First we need to install the `SkeletalVis` R package and the dependencies.

```{r eval=FALSE}
install.packages("SkeletalVis")
```

### Loading the package

Once `SkeletalVis` is installed the package needs to be loaded into the current R session.

```{r}
library(SkeletalVis)
```

### Accessing the SkeletalVis dataset

First, we need to download the gene expression data and metadata. The gene expression data is stored as a set of `feather` files, which allow fast assess to the each experiment's foldchanges, pvalues. Advanced users can manipulate and explore these files using standard R functions, but for convenience we provide functions that allow common tasks to be performed.
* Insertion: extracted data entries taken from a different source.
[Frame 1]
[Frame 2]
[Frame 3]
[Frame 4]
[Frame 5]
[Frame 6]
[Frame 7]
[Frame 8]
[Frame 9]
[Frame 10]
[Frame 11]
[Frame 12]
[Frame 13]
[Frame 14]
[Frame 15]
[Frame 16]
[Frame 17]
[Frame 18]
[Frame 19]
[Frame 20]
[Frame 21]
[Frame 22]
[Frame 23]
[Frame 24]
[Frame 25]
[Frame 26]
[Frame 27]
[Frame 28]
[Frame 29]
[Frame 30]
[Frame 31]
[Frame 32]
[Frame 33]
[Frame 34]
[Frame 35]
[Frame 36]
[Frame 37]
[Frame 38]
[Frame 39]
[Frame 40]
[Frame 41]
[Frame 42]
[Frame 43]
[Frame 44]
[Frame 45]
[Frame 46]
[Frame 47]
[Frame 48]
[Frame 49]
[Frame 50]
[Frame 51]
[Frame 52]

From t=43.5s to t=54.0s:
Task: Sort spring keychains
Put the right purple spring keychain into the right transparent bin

The `load_skeletalvis` function will check if the `SkeletalVis` data has been downloaded previously and if not will ask to download the files. The `skeletalvis` variable now shows where the data is stored on your system.

```{r eval=FALSE}
skeletalvis <- load_skeletalvis()
```

For this vignette we will work with a small truncated, demo version of SkeletalVis to demonstrate the functions. **This demo version should not be used for analysis.**

```{r}
# Set demo=TRUE to load a small example database
skeletalvis <- load_skeletalvis(demo=TRUE)

```

## Exploring SkeletalVis

We can explore the data in SkeletalVis in multiple ways, finding genes of interest, finding an experimental of interest or finding experiments that have gene expression profile similar to a query.
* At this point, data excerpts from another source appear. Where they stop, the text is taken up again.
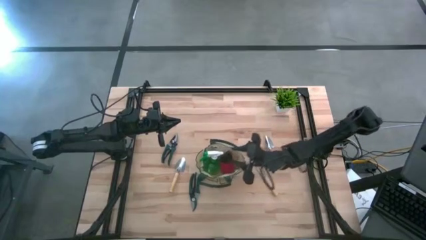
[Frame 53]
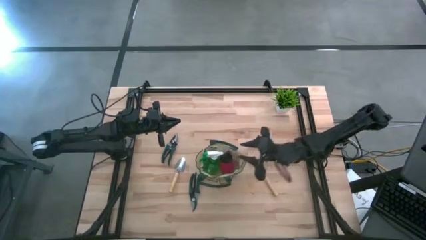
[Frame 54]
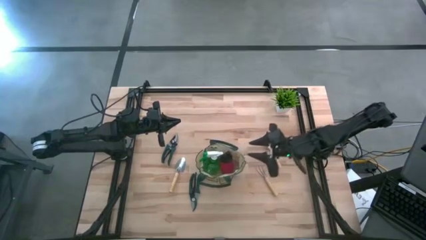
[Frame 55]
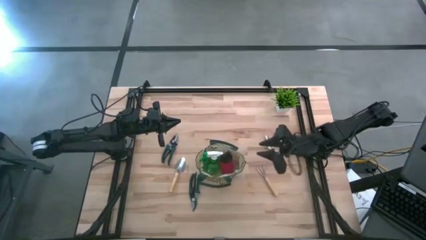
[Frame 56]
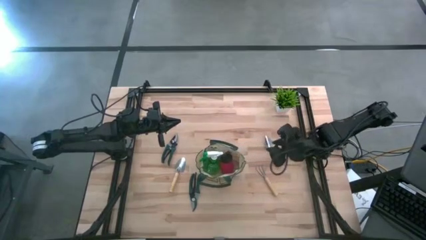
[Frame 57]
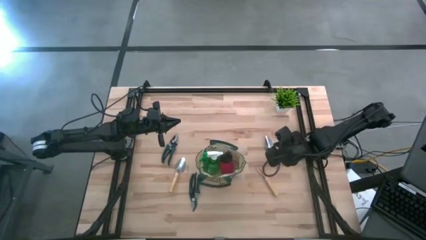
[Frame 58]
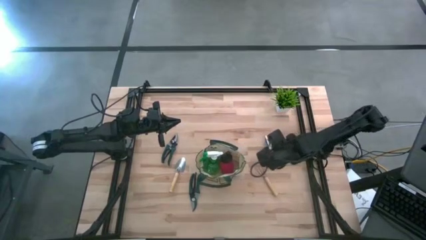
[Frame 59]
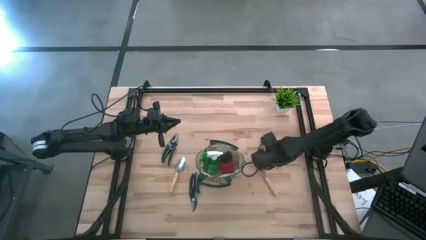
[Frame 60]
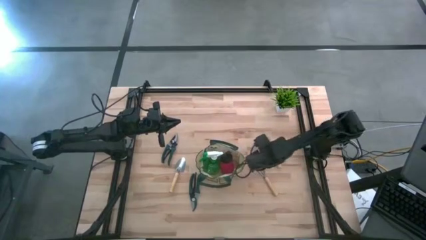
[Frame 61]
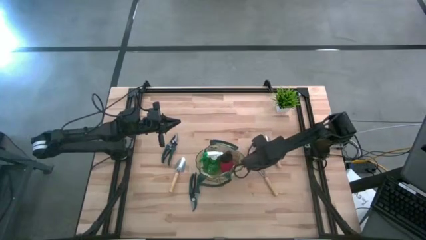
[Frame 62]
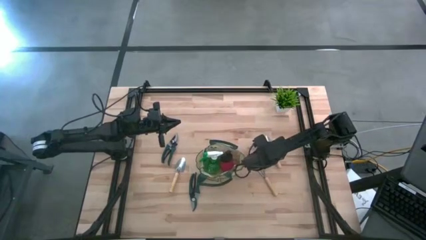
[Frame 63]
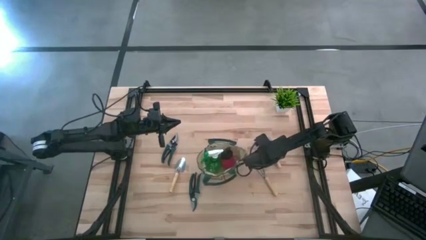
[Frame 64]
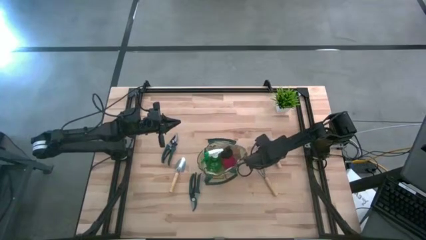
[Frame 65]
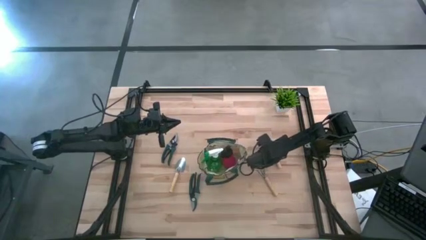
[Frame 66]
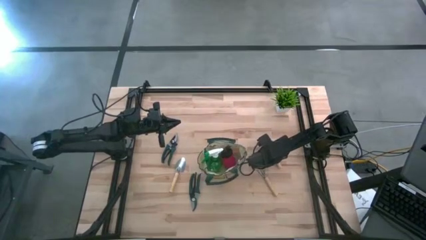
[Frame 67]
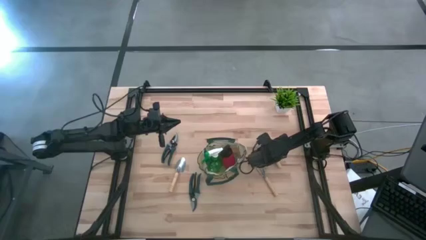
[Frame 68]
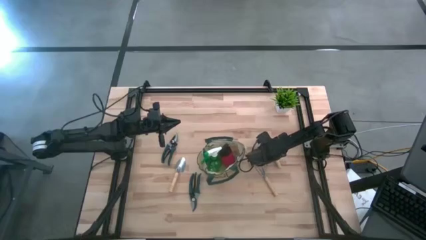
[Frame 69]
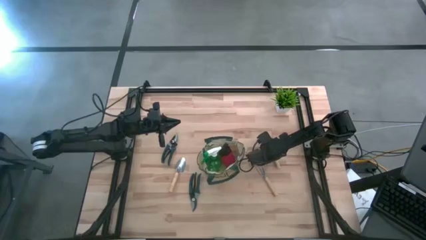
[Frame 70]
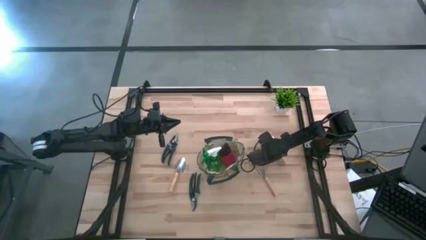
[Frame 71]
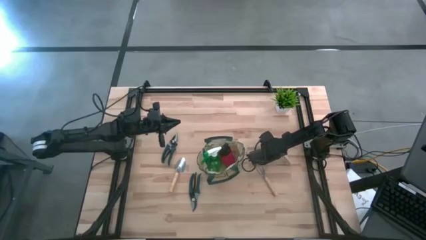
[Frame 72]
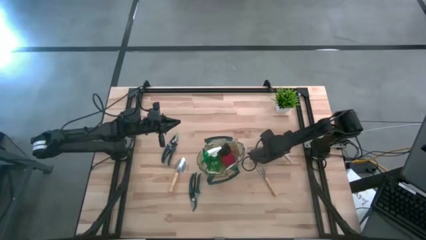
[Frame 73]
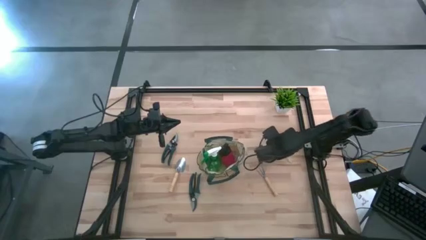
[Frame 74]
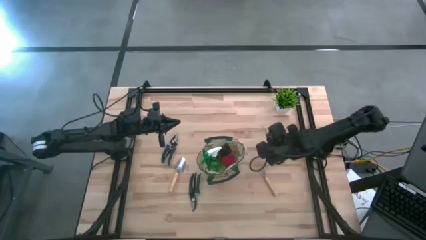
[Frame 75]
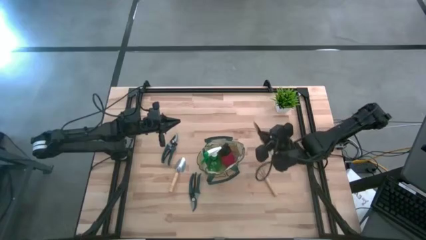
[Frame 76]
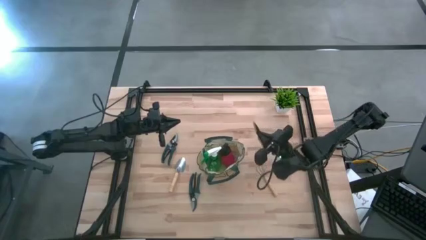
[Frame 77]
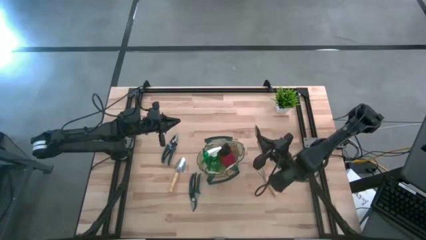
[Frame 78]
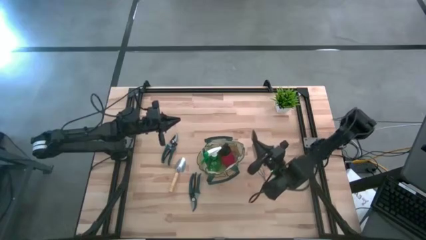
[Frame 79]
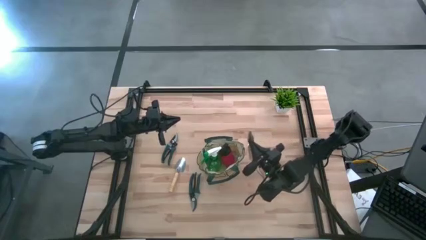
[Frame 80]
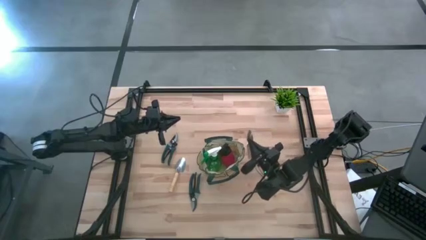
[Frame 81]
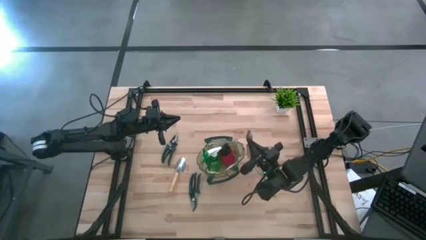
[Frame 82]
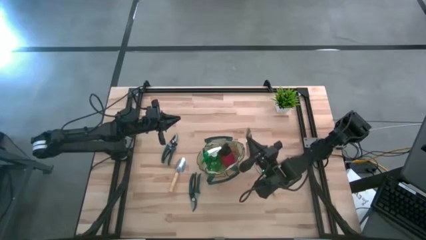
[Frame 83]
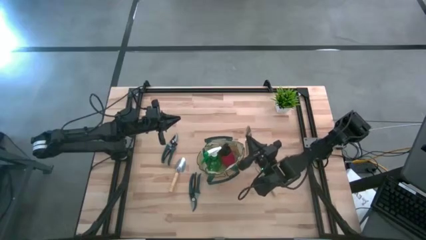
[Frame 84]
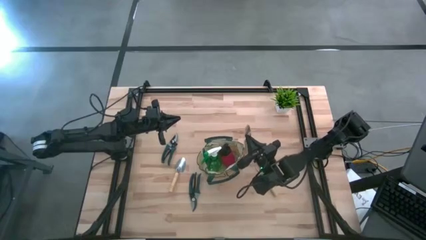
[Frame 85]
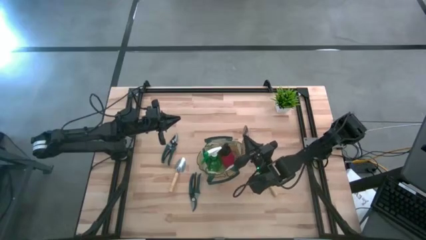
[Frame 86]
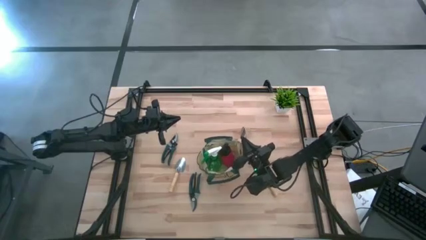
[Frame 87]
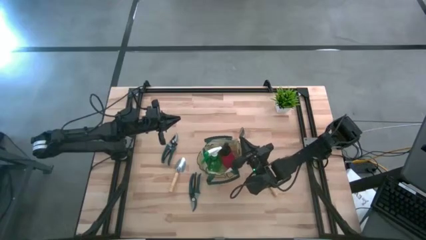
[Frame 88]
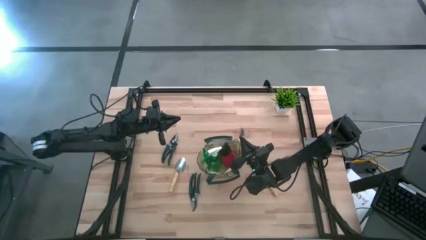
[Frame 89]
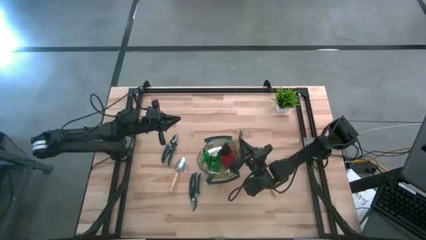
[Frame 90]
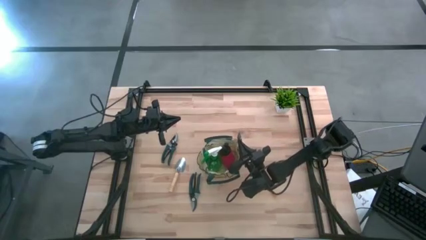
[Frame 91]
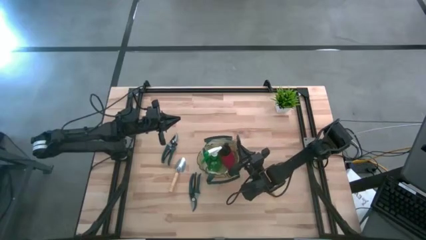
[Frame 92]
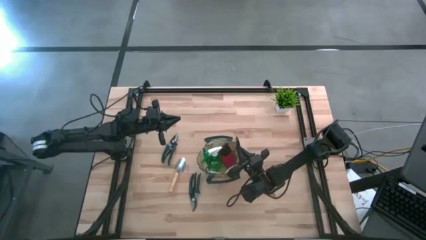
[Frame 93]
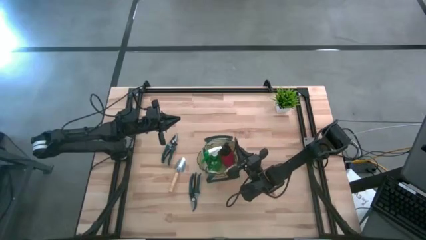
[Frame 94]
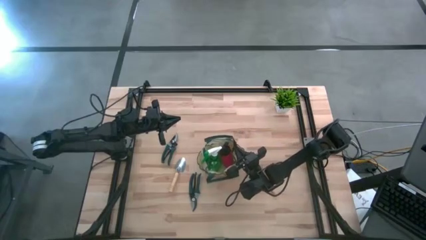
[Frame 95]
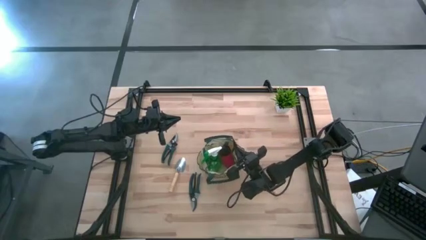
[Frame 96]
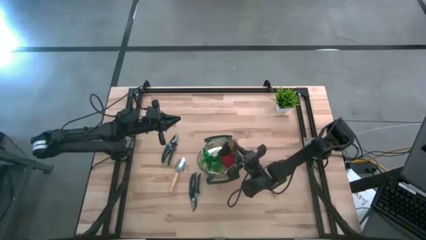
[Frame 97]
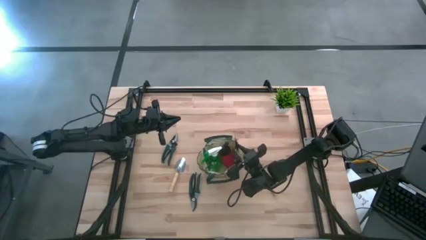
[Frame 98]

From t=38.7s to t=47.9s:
Task: Pick & Place Garden tools in Gardening bag
Put the right brown trowel into the white gardening bag

### Searching all datasets for a gene of interest

We can view the differential expression of a gene of interest with the `get_gene_fold_changes` function. Below we retrieve the data for *SOX9* across all expression profiles and optionally return the FDR for those datasets with replicates. Note that in SkeletalVis data from all species have been mapped to human gene symbols.

```{r}
# Retrieve the data for SOX9 in the expression profiles
gene_results <- get_gene_fold_changes(skeletalvis, "SOX9", return_fdr = TRUE)
head(gene_results)
```

Through the description column, which provides a short summary of the overall experiment, we can see that the dataset with the highest SOX9 expression is one where they have overexpressed that gene. Note that each experiment, detailed by the GEO accession number, may have multiple comparisons e.g condition1 vs control and condition2 vs control (called datasetIDs in SkeletalVis).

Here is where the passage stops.